> _AIM OF THE TASK_
Word for word, please restate each record and pass over the pictures.

> _PROVIDED INFORMATION_
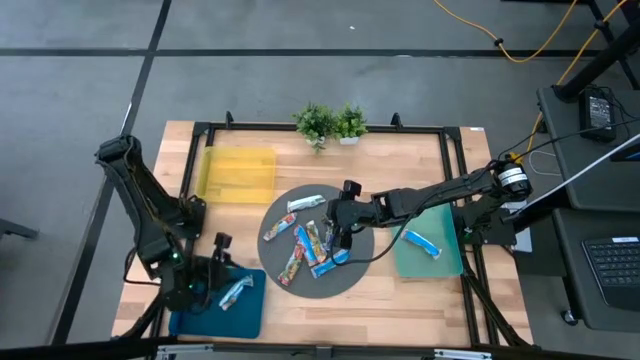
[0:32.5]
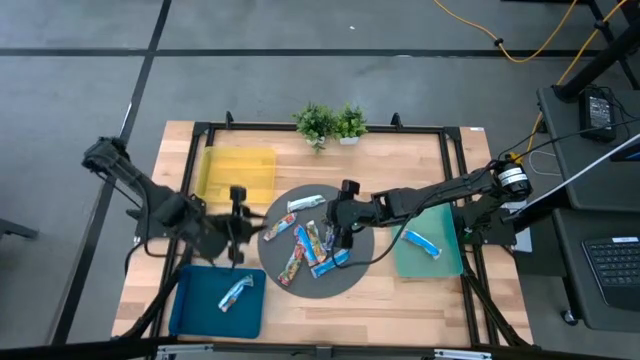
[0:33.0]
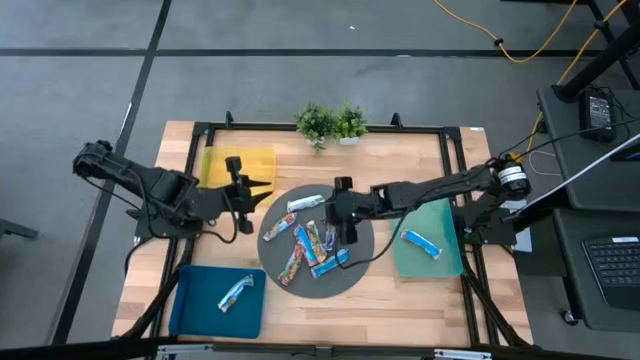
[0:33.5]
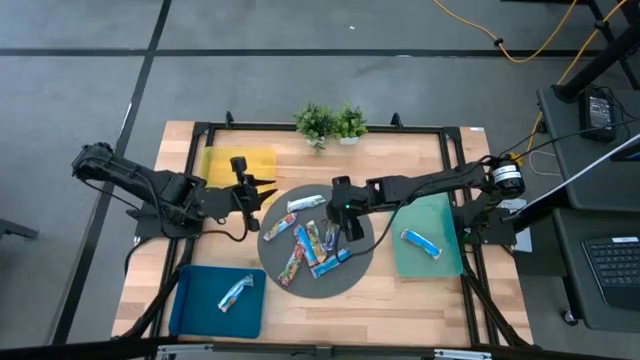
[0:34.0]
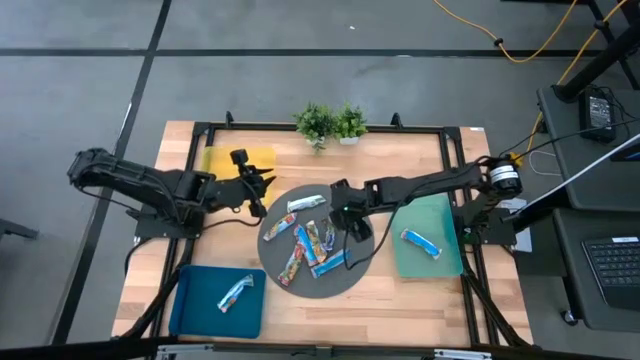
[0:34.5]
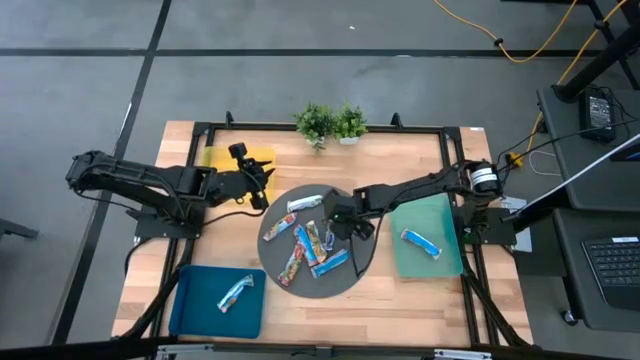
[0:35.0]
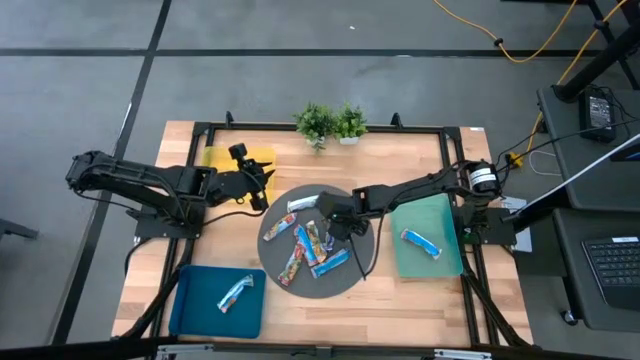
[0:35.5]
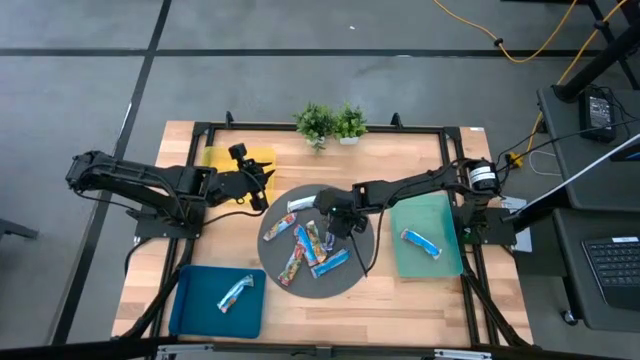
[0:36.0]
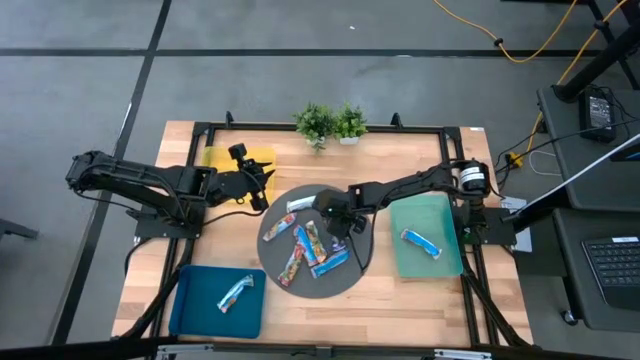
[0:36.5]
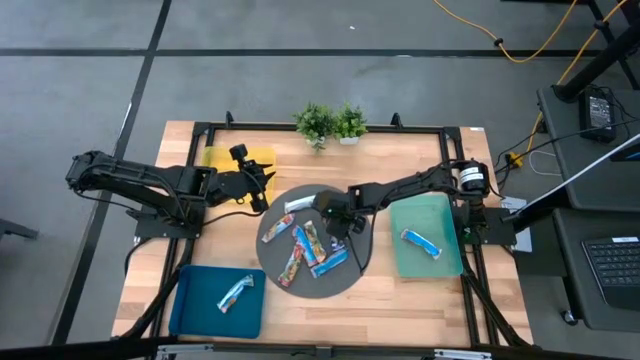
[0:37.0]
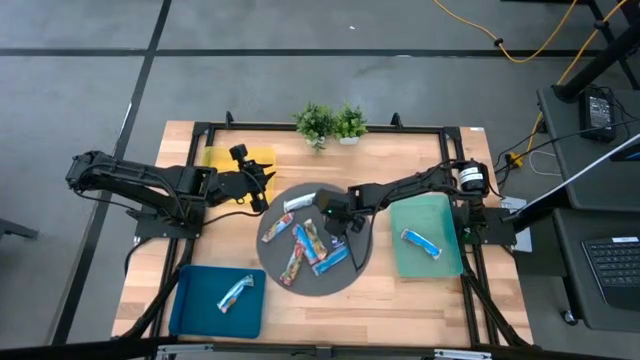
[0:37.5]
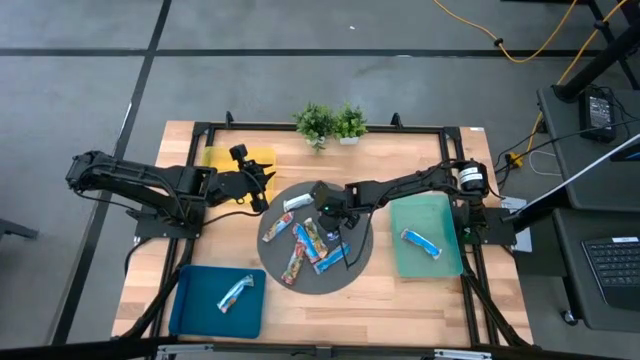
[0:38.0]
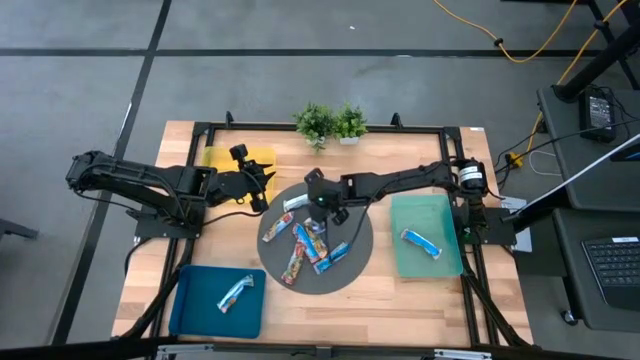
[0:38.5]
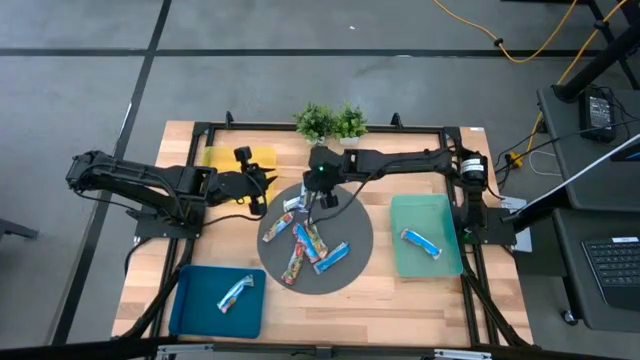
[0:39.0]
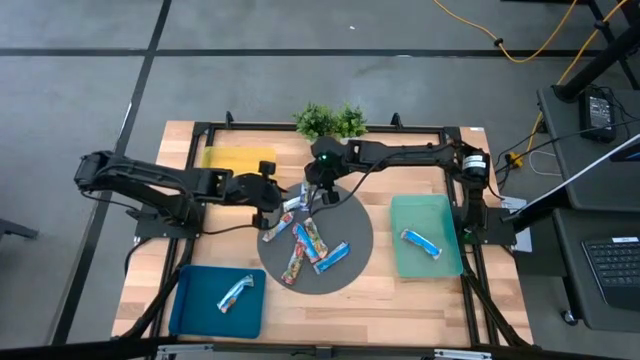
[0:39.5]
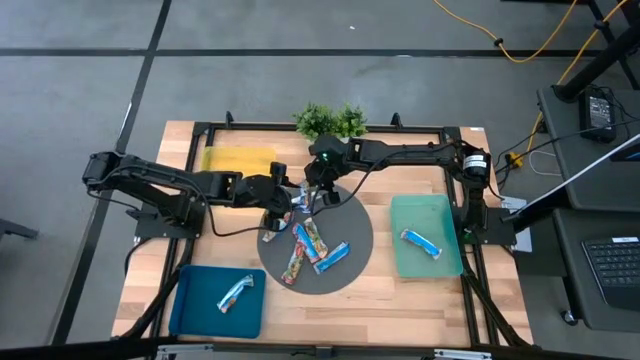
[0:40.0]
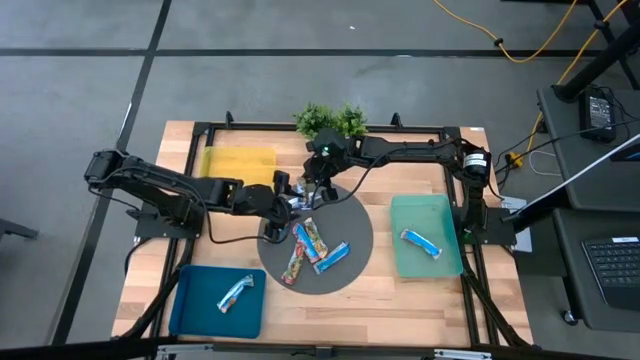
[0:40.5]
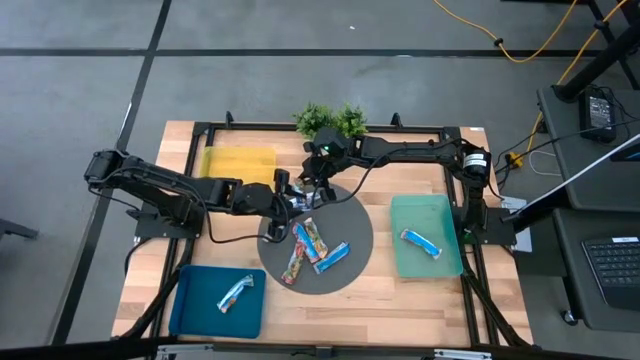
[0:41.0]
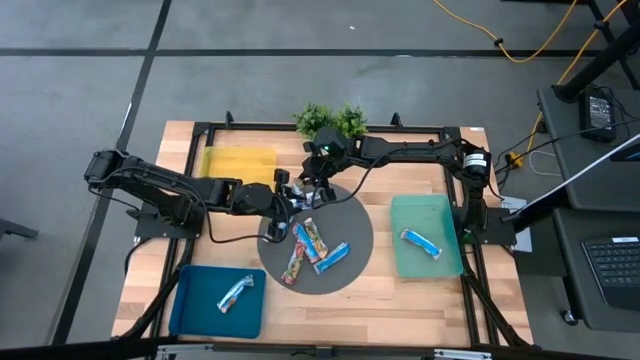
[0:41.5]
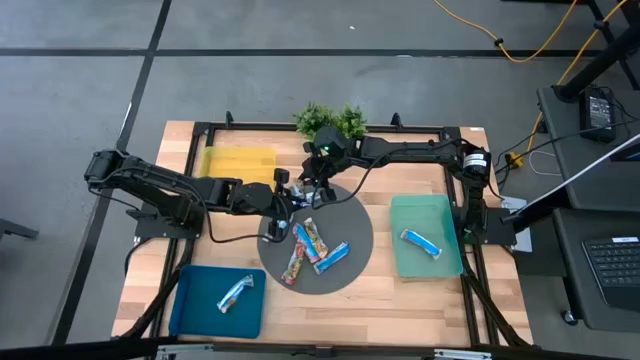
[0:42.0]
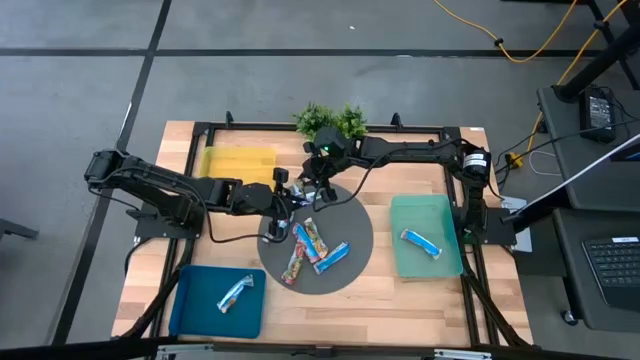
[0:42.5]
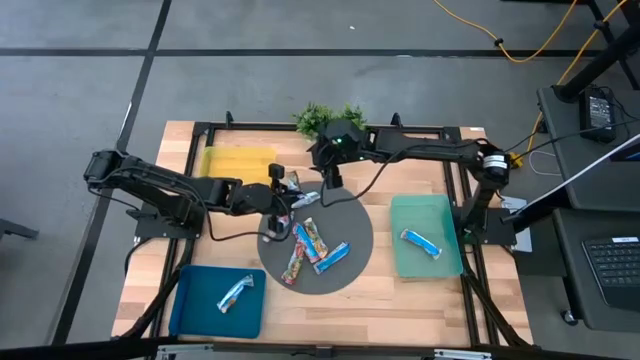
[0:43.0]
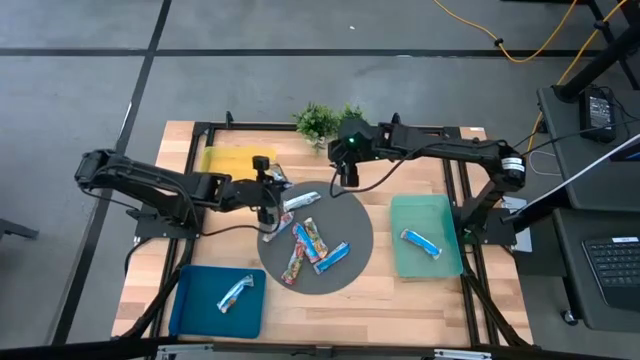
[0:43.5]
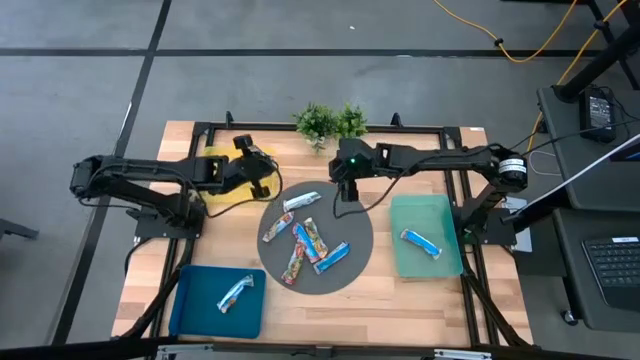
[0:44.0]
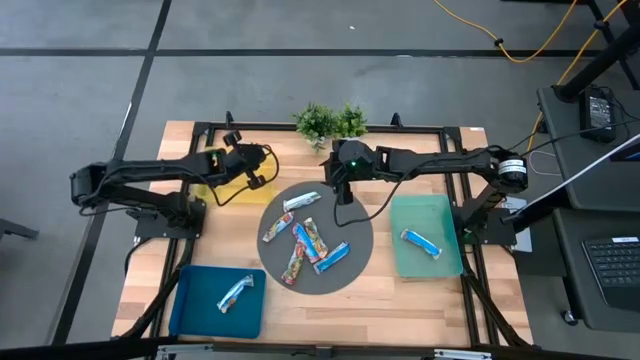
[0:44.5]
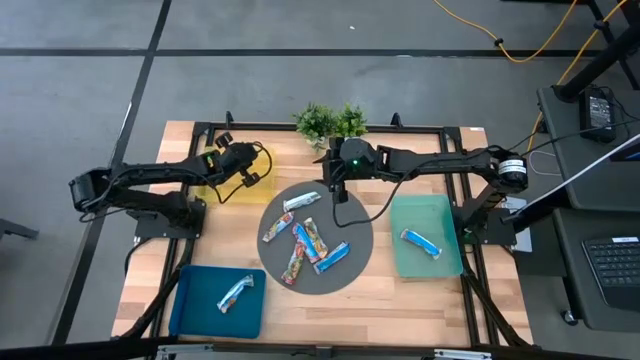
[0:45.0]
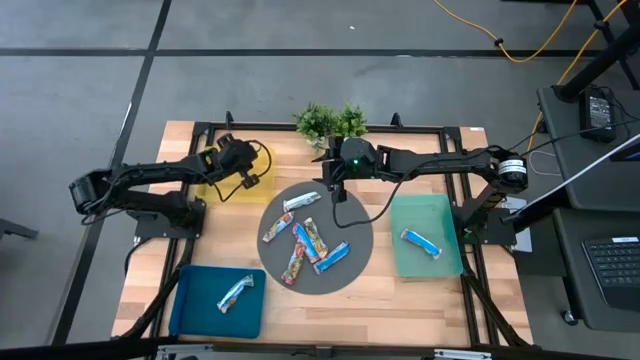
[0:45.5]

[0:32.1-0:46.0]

> _OUTPUT OF THE EXERCISE_
[0:32.5]
[0:33.0]
[0:33.5]
[0:34.0]
[0:34.5]
[0:35.0]
[0:35.5]
[0:36.0]
[0:36.5]
[0:37.0]
[0:37.5]
[0:38.0]
[0:38.5]
[0:39.0]
[0:39.5]
[0:40.0]
[0:40.5]
[0:41.0]
[0:41.5]
[0:42.0]
[0:42.5]
[0:43.0]
[0:43.5]
[0:44.0]
[0:44.5]
[0:45.0]
[0:45.5]

[0:32.1-0:46.0]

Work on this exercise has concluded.